Regulated or Not, That Is the Question - focus on the Luxembourg Special Limited Partnership (SCSp)
What is an SCSp?
Introduced in 2013, the SCSp is Luxembourg's answer to the Anglo-Saxon limited partnership. It operates without direct regulatory supervision and offers maximum contractual freedom to design your own investment structure.
Key features at a glance
No legal personality - the SCSp does not constitute a legal entity distinct from that of its partners. This is familiar territory for investors used to common law limited partnerships.
Partner structure - at least one general partner with unlimited liability (typically a limited liability company to contain risk) and one or more limited partners whose exposure is capped at their capital commitment.
Maximum flexibility - the partnership agreement governs almost everything: profit sharing, governance, transfers, carried interest, waterfalls, and more. You design the structure you need.
Formation and registration
The SCSp may be established by a private agreement (sous seing privé), without the need for a notarial deed. The partnership agreement must be registered with the Luxembourg Trade and Companies Register (Registre de Commerce et des Sociétés) and must contain certain mandatory particulars, including the name of the partnership, its registered office, the identity of the partners, the purpose of the partnership, the duration (which may be limited or unlimited), and the contributions of each partner. The SCSp must include the designation "SCSp" or "société en commandite spéciale" in its name.
Management and governance
The general partner is responsible for the management and representation of the SCSp. Limited partners may not participate in the management of the partnership; any involvement in management activities may result in the loss of their limited liability status. However, limited partners may exercise certain supervisory, advisory, and consent rights without jeopardising their limited liability, provided these rights do not extend to day-to-day management.
Tax treatment
The SCSp is, in principle, treated as fiscally transparent for Luxembourg direct tax purposes, meaning that the partnership itself is not subject to corporate income tax or municipal business tax. Instead, income and gains are attributed to the partners and taxed at their level according to their respective tax status and residence. This transparency makes the SCSp particularly attractive for international investors seeking to avoid double taxation and to benefit from tax treaties applicable in their home jurisdictions.
The SCSp is also generally treated as a partnership (rather than a corporation) for the purposes of the tax laws of most other jurisdictions, though investors should confirm the treatment in their home jurisdiction on a case-by-case basis.
Structuring outside the scope of AIFMD
A key consideration when establishing an SCSp is whether the structure falls within the scope of the Alternative Investment Fund Managers Directive (AIFMD).

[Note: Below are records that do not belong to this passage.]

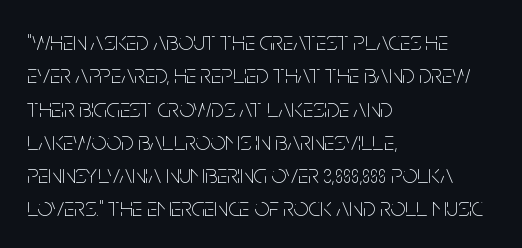
{"italic": "no", "bold": "no", "underline": "no", "align": "left", "line_spacing": "normal", "line_spacing_ratio": 1.28, "letter_spacing": "normal", "letter_spacing_em": 0.0, "glyph_px": 26}
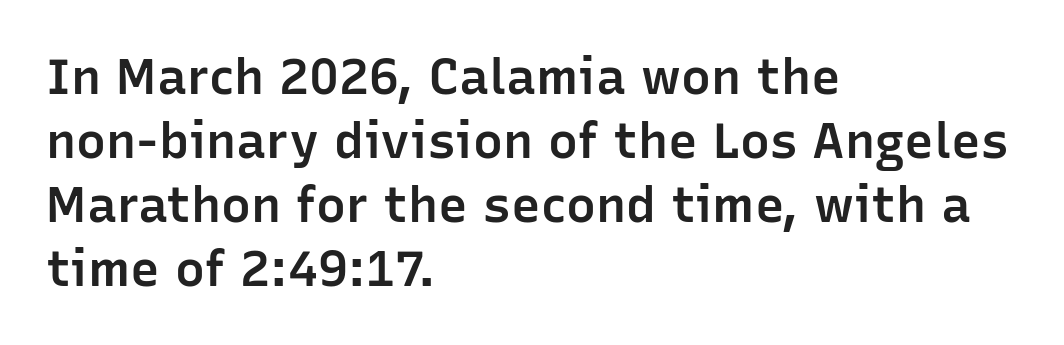
{"serif": "no", "italic": "no", "bold": "semi", "weight": "semibold", "width": "normal", "stroke_contrast": "low", "x_height": "medium", "monospaced": "no", "underline": "no", "align": "left", "line_spacing": "normal", "line_spacing_ratio": 1.28, "letter_spacing": "normal", "letter_spacing_em": 0.0, "glyph_px": 50}
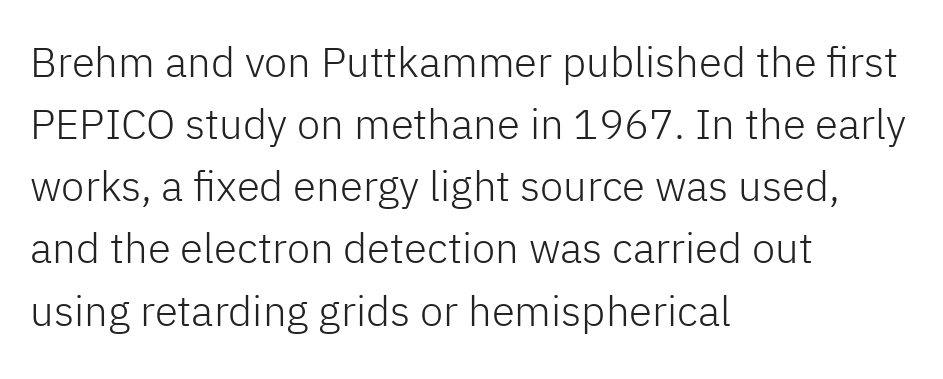
Q: Is the text bold? A: No.
Q: Is the text italic (slanted)? A: No, it is upright.
Q: Is the typeface a serif or a sans-serif typeface? A: Sans-serif.
Q: Is the text underlined? A: No.
Q: How is the paragraph aligned? A: Left-aligned.
Q: Is the spacing between letters normal or unusually wide? A: Normal.
Q: Is the spacing between lines tight, normal or loose? A: Normal.
Q: Width (condensed, normal, or wide)? A: Normal.
Q: Stroke contrast? A: Low.
Q: x-height? A: Medium.
Q: Monospaced? A: No.
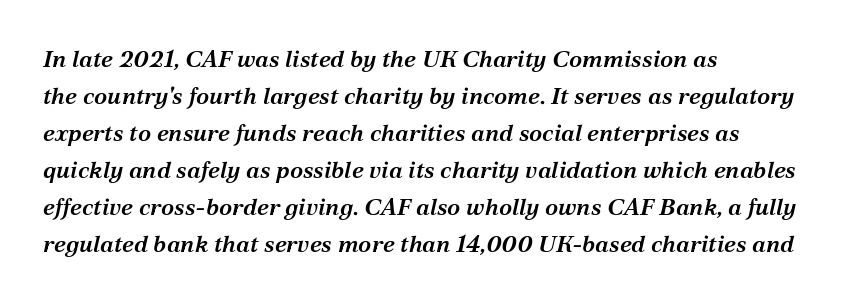
{"italic": "yes", "lean": "right", "slant_degrees": 12, "bold": "semi", "underline": "no", "align": "left", "line_spacing": "normal", "line_spacing_ratio": 1.54, "letter_spacing": "normal", "letter_spacing_em": 0.0, "glyph_px": 24}
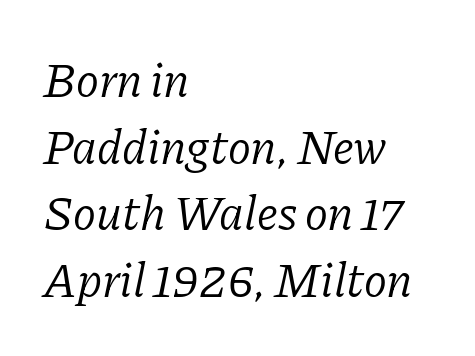
The image shows 48 px light serif type, italic (leaning right); set left-aligned, normal line spacing (1.39x), normal letter spacing, not underlined; low stroke contrast and a medium x-height.
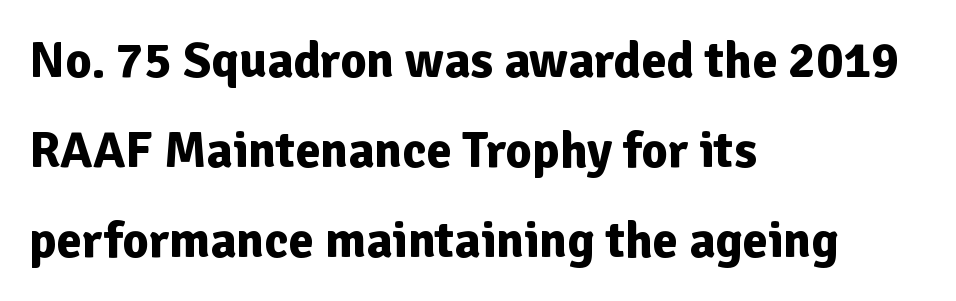
{"serif": "no", "italic": "no", "bold": "yes", "weight": "bold", "width": "normal", "stroke_contrast": "low", "x_height": "medium", "monospaced": "no", "underline": "no", "align": "left", "line_spacing_ratio": 1.76, "letter_spacing": "normal", "letter_spacing_em": 0.0, "glyph_px": 51}
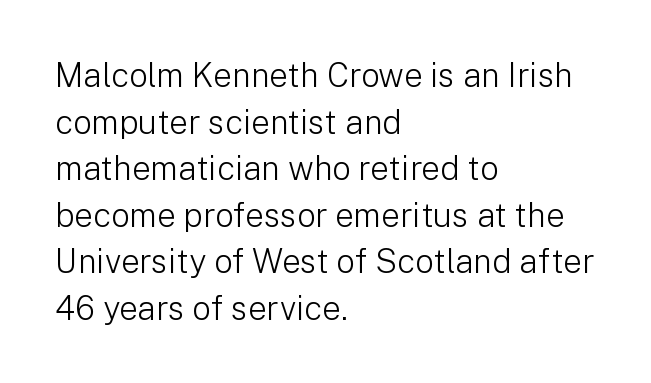
The image shows 33 px light sans-serif type, upright; set left-aligned, normal line spacing (1.41x), normal letter spacing, not underlined; low stroke contrast and a medium x-height.
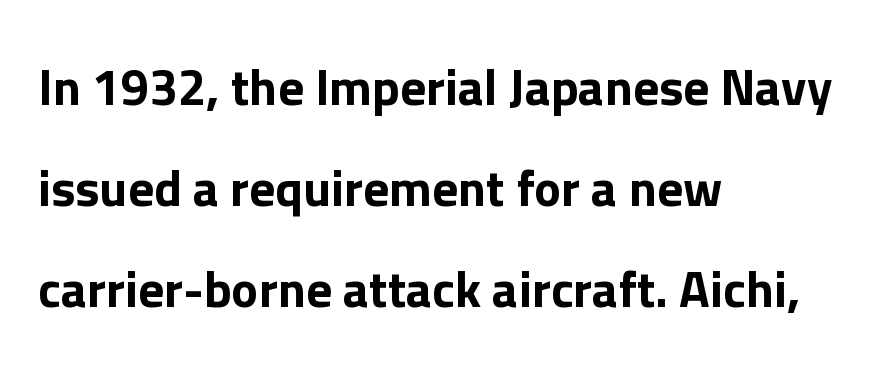
You could not count columns in this text — the font is proportionally spaced. Every stem runs plumb, perpendicular to the baseline. Line starts are locked; line ends wander. The area under the type is left untouched. The leading is generous, giving the passage an open texture.
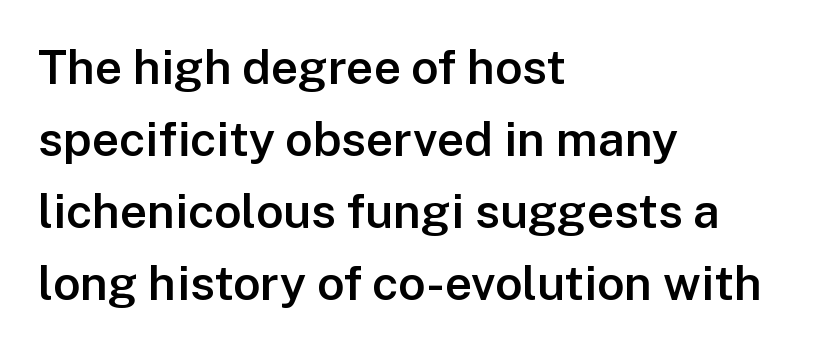
Q: Is the text bold? A: Semi-bold.
Q: Is the text italic (slanted)? A: No, it is upright.
Q: Is the typeface a serif or a sans-serif typeface? A: Sans-serif.
Q: Is the text underlined? A: No.
Q: How is the paragraph aligned? A: Left-aligned.
Q: Is the spacing between letters normal or unusually wide? A: Normal.
Q: Is the spacing between lines tight, normal or loose? A: Normal.
Q: Width (condensed, normal, or wide)? A: Normal.
Q: Stroke contrast? A: Low.
Q: x-height? A: Medium.
Q: Monospaced? A: No.
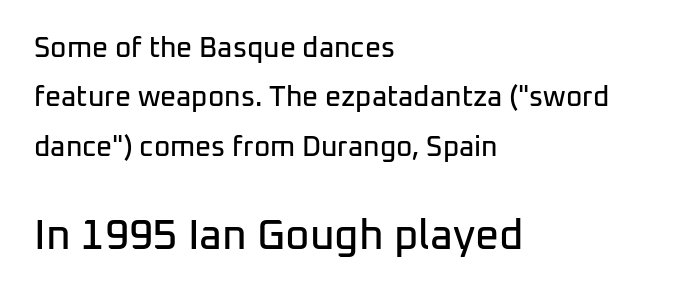
{"serif": "no", "italic": "no", "width": "normal", "stroke_contrast": "low", "x_height": "medium", "monospaced": "no", "underline": "no", "align": "left", "line_spacing_ratio": 1.76, "letter_spacing": "normal", "letter_spacing_em": 0.0, "larger_block": "second", "size_ratio": 1.5, "glyph_px": 42}
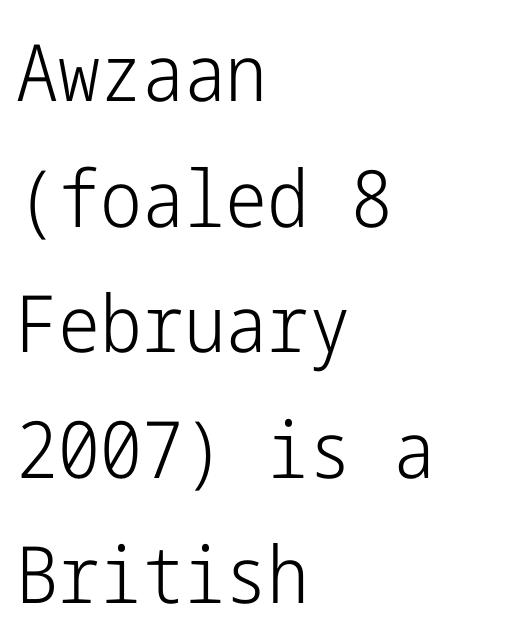
Unbolded letterforms with no extra heft. Vertically, the passage feels balanced, rows spaced as you'd expect. Where is the straight margin? On the left. Standard letterfit; no display-style spreading of the glyphs.
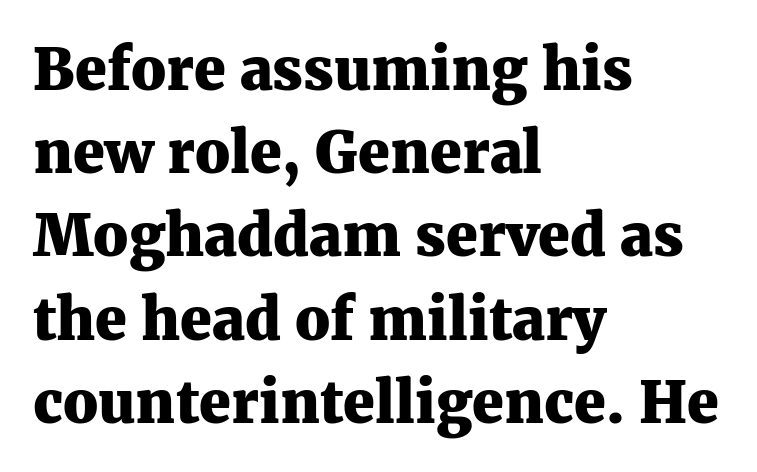
{"serif": "yes", "italic": "no", "bold": "yes", "weight": "heavy", "width": "normal", "stroke_contrast": "medium", "x_height": "medium", "monospaced": "no", "underline": "no", "align": "left", "line_spacing": "normal", "line_spacing_ratio": 1.46, "letter_spacing": "normal", "letter_spacing_em": 0.0, "glyph_px": 57}
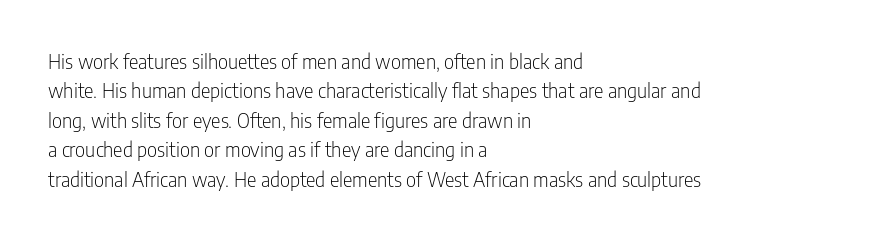
{"italic": "no", "bold": "no", "underline": "no", "align": "left", "line_spacing": "normal", "line_spacing_ratio": 1.47, "letter_spacing": "normal", "letter_spacing_em": 0.0, "glyph_px": 20}
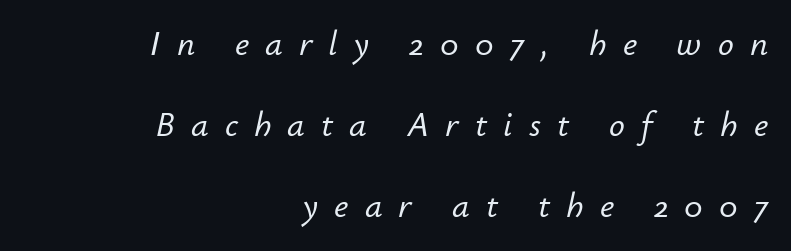
Q: Is the text italic (slanted)? A: Yes, it leans right by about 12 degrees.
Q: Is the text underlined? A: No.
Q: How is the paragraph aligned? A: Right-aligned.
Q: Is the spacing between letters normal or unusually wide? A: Unusually wide.
Q: Is the spacing between lines tight, normal or loose? A: Loose.
Q: Width (condensed, normal, or wide)? A: Normal.
Q: Stroke contrast? A: Low.
Q: x-height? A: Small.
Q: Monospaced? A: No.
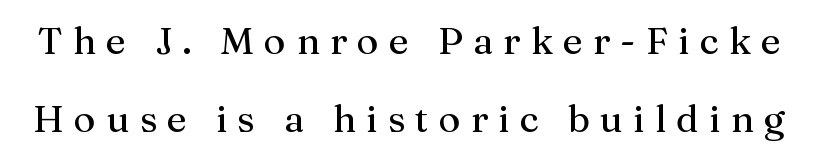
Q: Is the text bold? A: No.
Q: Is the text italic (slanted)? A: No, it is upright.
Q: Is the typeface a serif or a sans-serif typeface? A: Serif.
Q: Is the text underlined? A: No.
Q: Is the spacing between letters normal or unusually wide? A: Unusually wide.
Q: Is the spacing between lines tight, normal or loose? A: Loose.
Q: Width (condensed, normal, or wide)? A: Normal.
Q: Stroke contrast? A: Medium.
Q: x-height? A: Medium.
Q: Monospaced? A: No.
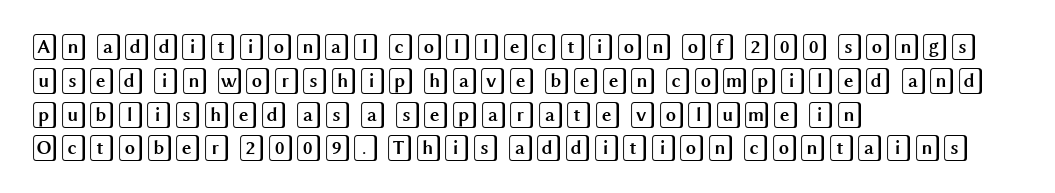
Q: Is the text italic (slanted)? A: No, it is upright.
Q: Is the text underlined? A: No.
Q: How is the paragraph aligned? A: Left-aligned.
Q: Is the spacing between letters normal or unusually wide? A: Normal.
Q: Is the spacing between lines tight, normal or loose? A: Normal.
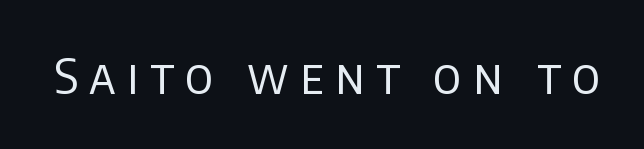
{"serif": "no", "italic": "no", "bold": "no", "weight": "regular", "width": "normal", "stroke_contrast": "low", "x_height": "large", "monospaced": "no", "underline": "no", "letter_spacing": "wide", "letter_spacing_em": 0.24, "glyph_px": 48}
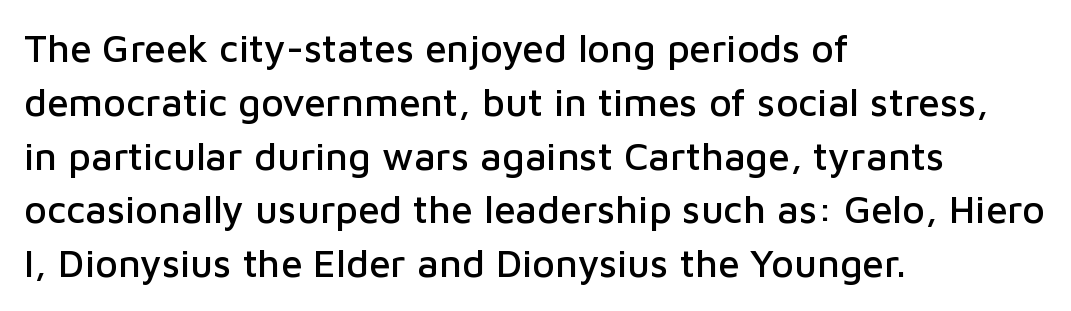
This sample uses a sans-serif face. Short note: letters normally spaced. The letters stand straight up with perfectly vertical stems. Honestly, the row spacing looks completely unremarkable.
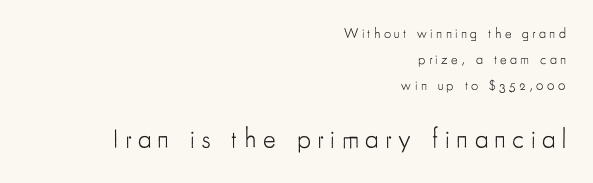
The image shows 27 px text type, upright; set right-aligned, line spacing 1.87x, unusually wide letter spacing (+0.24 em), not underlined; the second (bottom) block is 1.93x larger.
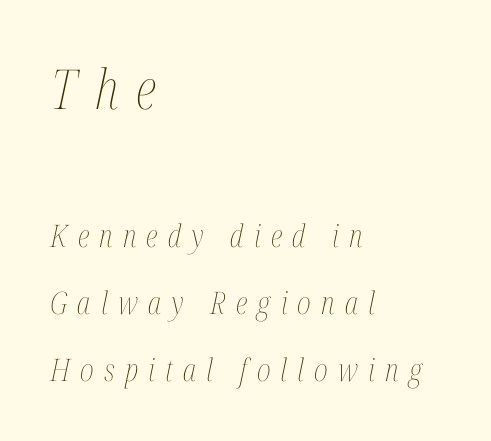
The rendering anchors every line to the left-hand side. Characters follow at a spacing far wider than the type designer built in. The rendering uses a large line-height, opening up the rows. On a weight scale, this lands at 450 or below. You could not count columns in this text — the font is proportionally spaced.
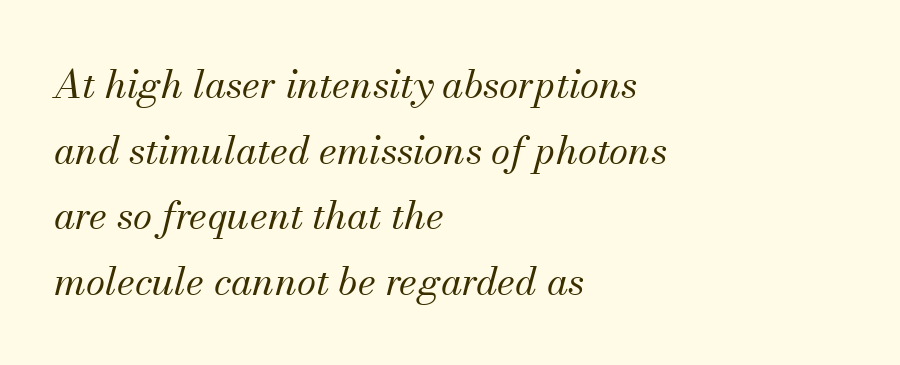
The image shows 39 px regular-weight serif type, italic (leaning right); set left-aligned, normal line spacing (1.68x), normal letter spacing, not underlined; medium stroke contrast and a small x-height.
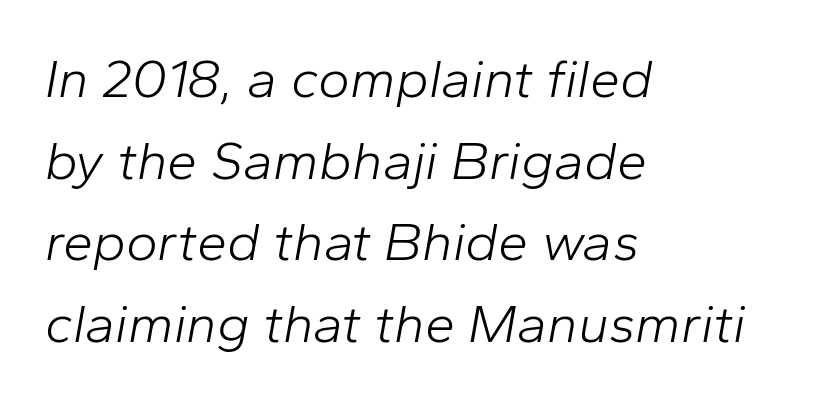
Q: Is the text bold? A: No.
Q: Is the text italic (slanted)? A: Yes, it leans right by about 10 degrees.
Q: Is the text underlined? A: No.
Q: How is the paragraph aligned? A: Left-aligned.
Q: Is the spacing between letters normal or unusually wide? A: Normal.
Q: Is the spacing between lines tight, normal or loose? A: Normal.
Q: Width (condensed, normal, or wide)? A: Normal.
Q: Stroke contrast? A: Low.
Q: x-height? A: Medium.
Q: Monospaced? A: No.
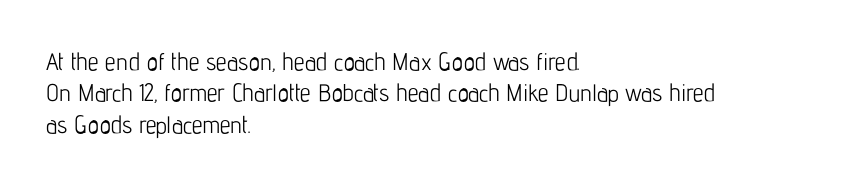
The image shows 24 px text type, upright; set left-aligned, normal line spacing (1.31x), normal letter spacing, not underlined.
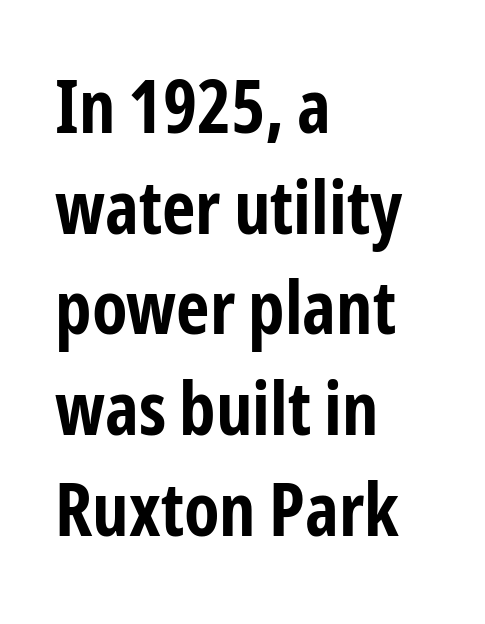
The image shows 73 px bold, condensed sans-serif type, upright; set left-aligned, normal line spacing (1.38x), normal letter spacing, not underlined; low stroke contrast and a medium x-height.
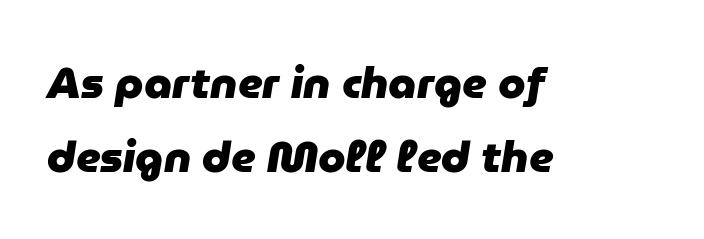
What's the leading like? Ordinary, nothing unusual. The rendering uses a bold face; every stroke is thick and dark. This is oblique type, the kind used for emphasis or titles. A clean baseline with only descenders dipping below it. The rendering uses natural spacing where letterforms have individual widths.
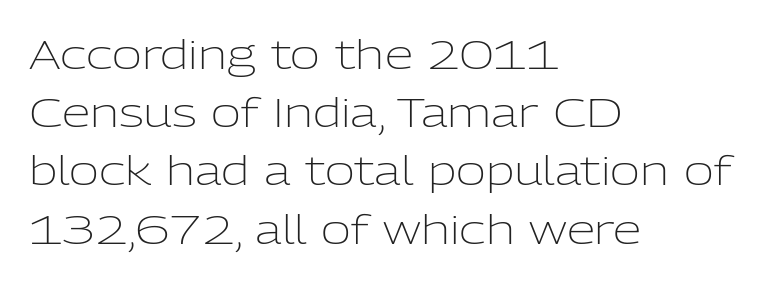
The image shows 41 px light sans-serif type, upright; set left-aligned, normal line spacing (1.42x), normal letter spacing, not underlined; low stroke contrast and a medium x-height.

If an SCSp qualifies as an alternative investment fund (AIF) under AIFMD, its manager (AIFM) must either be authorised by the CSSF or register under the partial exemption.
The core test - AIFMD applies to collective investment undertakings that (1) raise capital from multiple investors, (2) invest according to a defined investment policy, and (3) do so for the benefit of those investors. Structures that fail any limb of this test fall outside AIFMD entirely.
De Minimis thresholds - even if the SCSp qualifies as an AIF, its manager (GP) may escape full authorisation if assets under management stay below EUR 100 million (with leverage) or EUR 500 million (no leverage, no redemption rights for five years). Registration with the CSSF is still required, but not full authorisation.
Why legal advice is essential - the availability of these carve-outs is highly fact-specific. Get it wrong, and the consequences are serious: enforcement action, reputational damage, and potential liability for the general partner. Legal advice should be obtained at the outset to assess AIFMD scope, identify the appropriate carve-out, and ensure the partnership agreement supports the intended regulatory position. Ongoing monitoring is also critical: changes to investors, strategy, or AUM may alter the analysis.
Practical Considerations
While the SCSp offers considerable advantages, certain practical considerations should be borne in mind when establishing and operating the structure.
Investor profile - the SCSp may not be suitable for all investor profiles. Institutional investors subject to regulatory constraints may require the additional protections afforded by regulated fund structures. The choice between an SCSp and a regulated alternative should be made in light of the specific objectives, investor base, and regulatory considerations applicable to the proposed structure. Additionally, the private placement regime in each jurisdiction of the investor should be considered, as there may be additional considerations.
Anti-money laundering the applicable AML/CTF obligations for an SCSp and the GP will depend on the final structure falling within the definition of an AIF.
Beneficial ownership register - the SCSp is required to identify its beneficial owners and file this information with the Luxembourg Register of Beneficial Owners (Registre des Bénéficiaires Effectifs). Compliance with beneficial ownership reporting requirements is an ongoing obligation.
Conclusion
The Luxembourg SCSp has established itself as a highly flexible and tax-efficient vehicle for a wide range of investment and holding structures. Its contractual freedom, tax transparency, and absence of legal personality make it an attractive option for sponsors, fund managers, and investors seeking to establish bespoke arrangements in a well-regarded European jurisdiction. Given the complexity of the regulatory landscape and the significant consequences of inadvertent non-compliance, sponsors and investors should engage experienced legal counsel at the earliest opportunity.